Wait, aren't CIs built for collaboration?

Yes, assuming stateless tools and processes. Running stateless builds and tests is what regular CIs are exceptionally good at. But many of us have noticed that deployments are actually tricker to get right. And that's hardly a surprise. They're more stateful, they may depend on what's already running. Terraform and your infrastructure in general is an extreme example of a stateful system. It's so stateful that it actually has something called state (see what we just did there?) as one of its core concepts.

CIs generally struggle with that. They don't really understand the workflows they run, so they can't for example serialize certain types of jobs. Like terraform apply, which introduces actual changes to your infrastructure. As far as your CI system is concerned, running those in parallel is fair game. But what it does to Terraform is nothing short of a disaster - your state is confused and no longer represents any kind of reality. Untangling this mess can take forever.

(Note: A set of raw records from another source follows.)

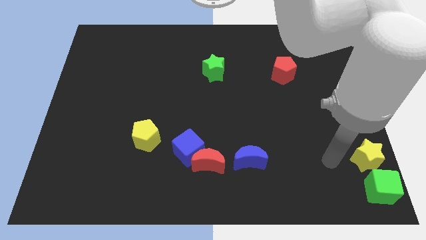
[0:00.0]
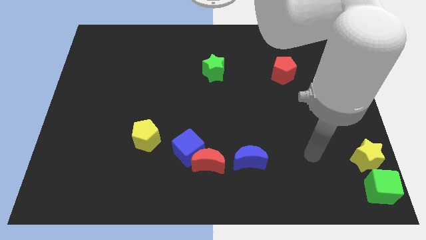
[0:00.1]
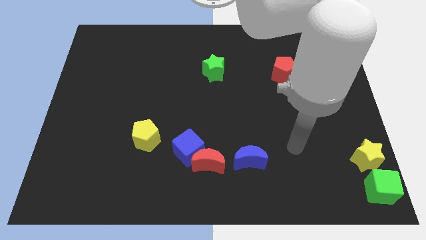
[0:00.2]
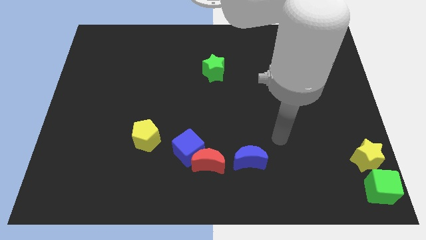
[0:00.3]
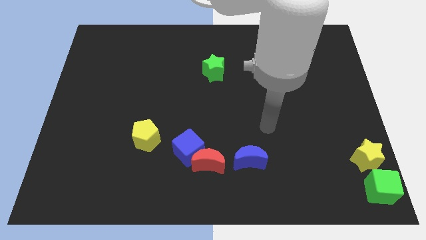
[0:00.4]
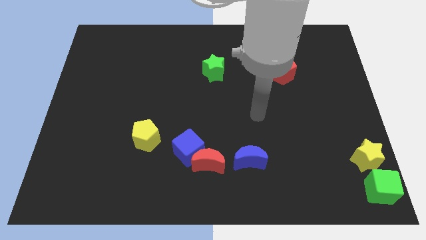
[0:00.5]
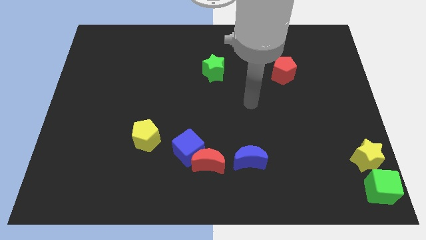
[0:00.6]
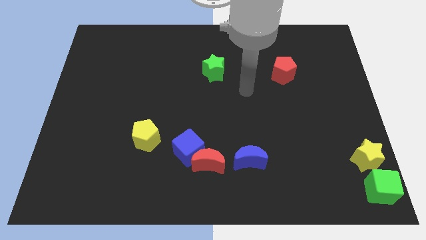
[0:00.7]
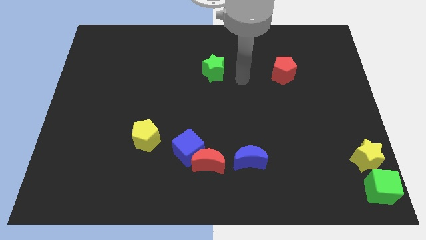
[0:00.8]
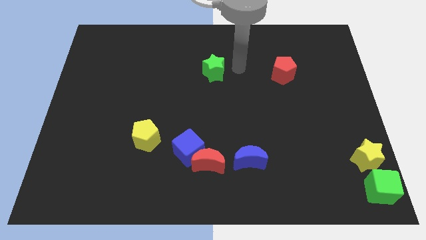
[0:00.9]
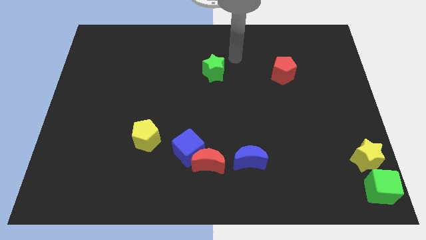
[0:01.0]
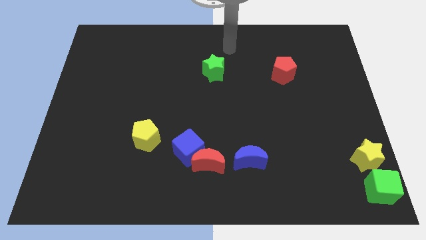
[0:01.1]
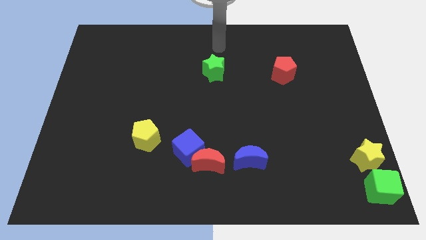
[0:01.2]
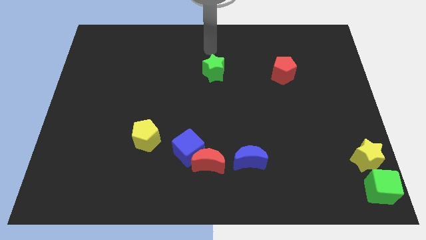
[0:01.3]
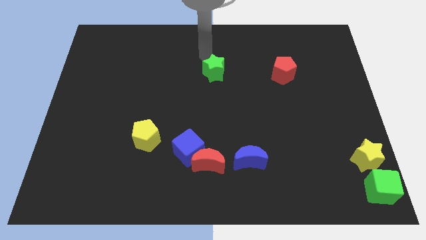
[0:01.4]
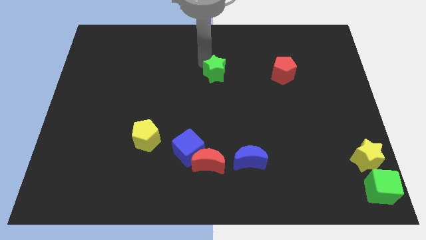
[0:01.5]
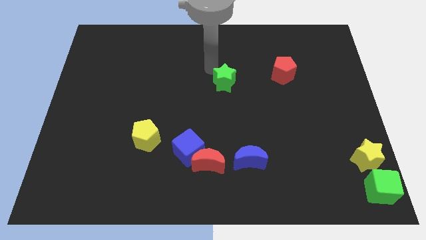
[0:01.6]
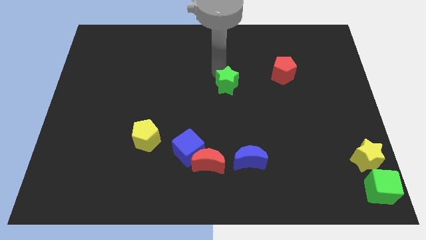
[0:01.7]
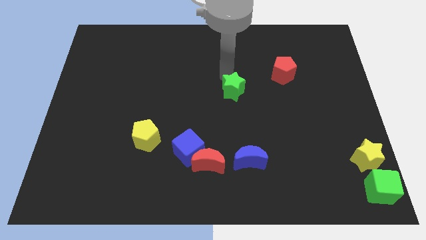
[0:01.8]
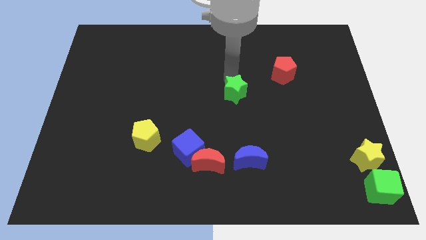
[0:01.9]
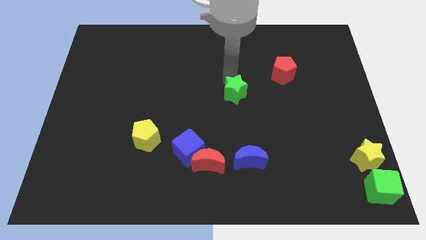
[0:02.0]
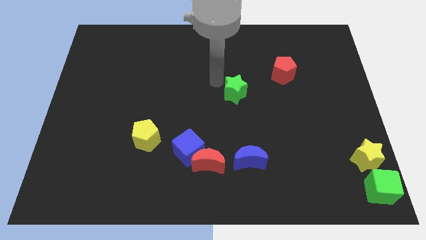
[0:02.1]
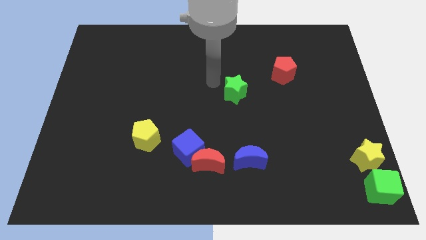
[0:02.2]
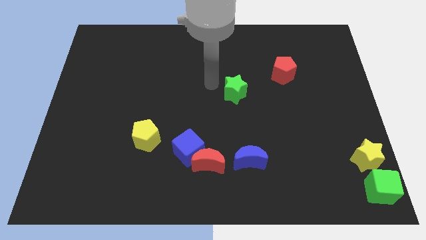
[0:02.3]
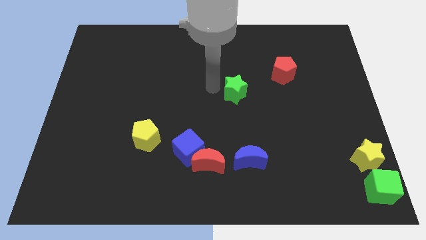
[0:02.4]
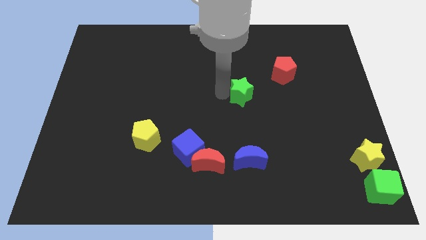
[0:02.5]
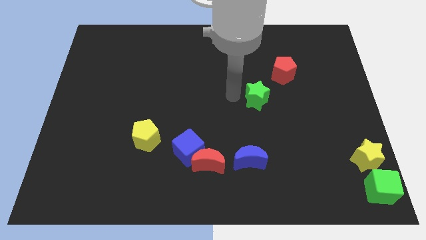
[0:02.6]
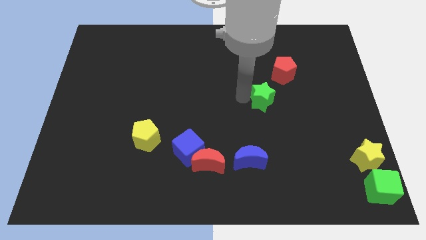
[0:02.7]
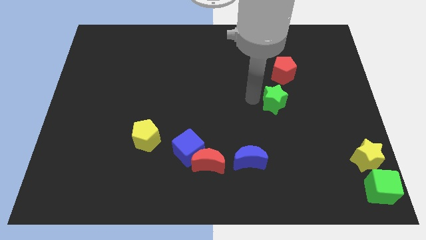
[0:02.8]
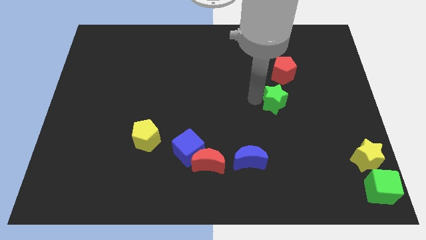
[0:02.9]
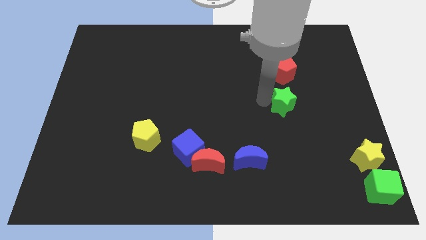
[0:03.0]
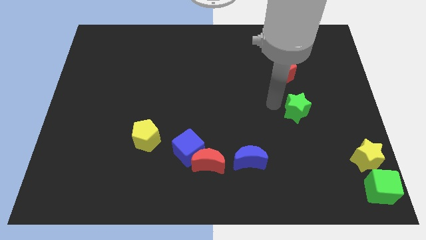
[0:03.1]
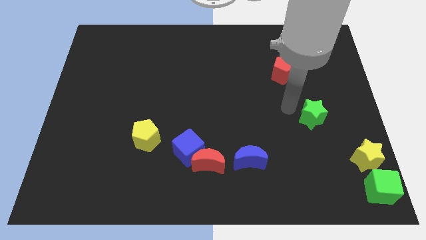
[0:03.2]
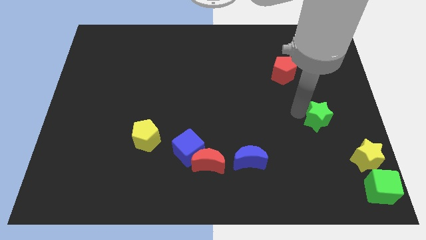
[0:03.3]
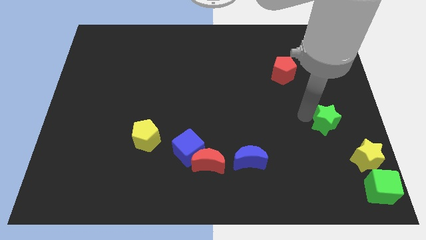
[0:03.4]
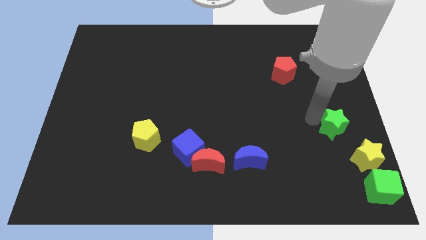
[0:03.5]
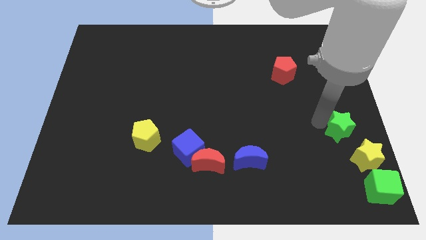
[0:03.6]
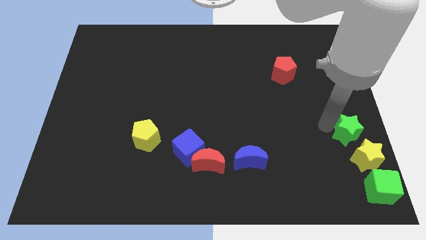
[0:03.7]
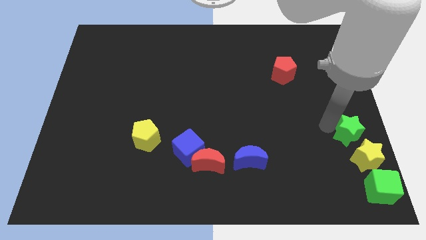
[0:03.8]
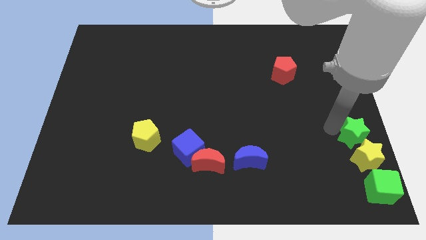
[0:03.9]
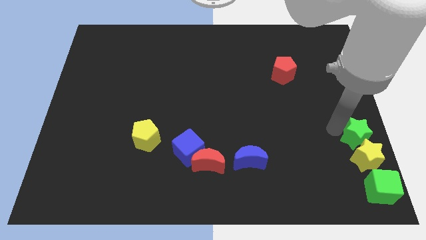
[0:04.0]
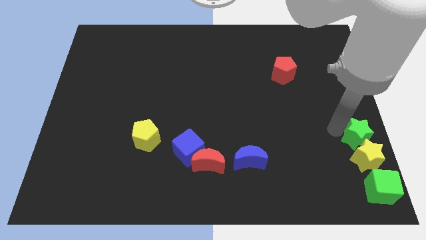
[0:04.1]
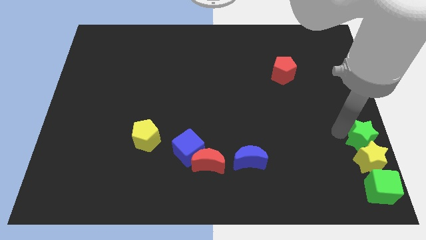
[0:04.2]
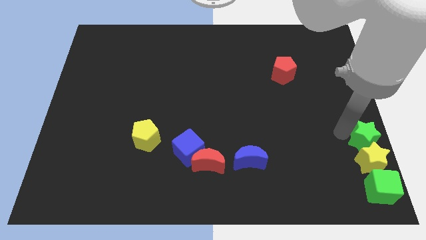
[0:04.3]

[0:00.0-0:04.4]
push the green star into the yellow star

But you can add manual approval steps

Yes, you can. But the whole point of your CI/CD system is to automate your work. First of all, becoming human semaphore for a software tool isn't the best use of a highly skilled and motivated professional. Also, over-reliance on humans to oversee software processes will inevitably lead to costly mistakes because us, humans, are infinitely more fallible than well-programmed machines. It's ultimately much cheaper to use the right tool for the job than turn yourself into a part of a tool.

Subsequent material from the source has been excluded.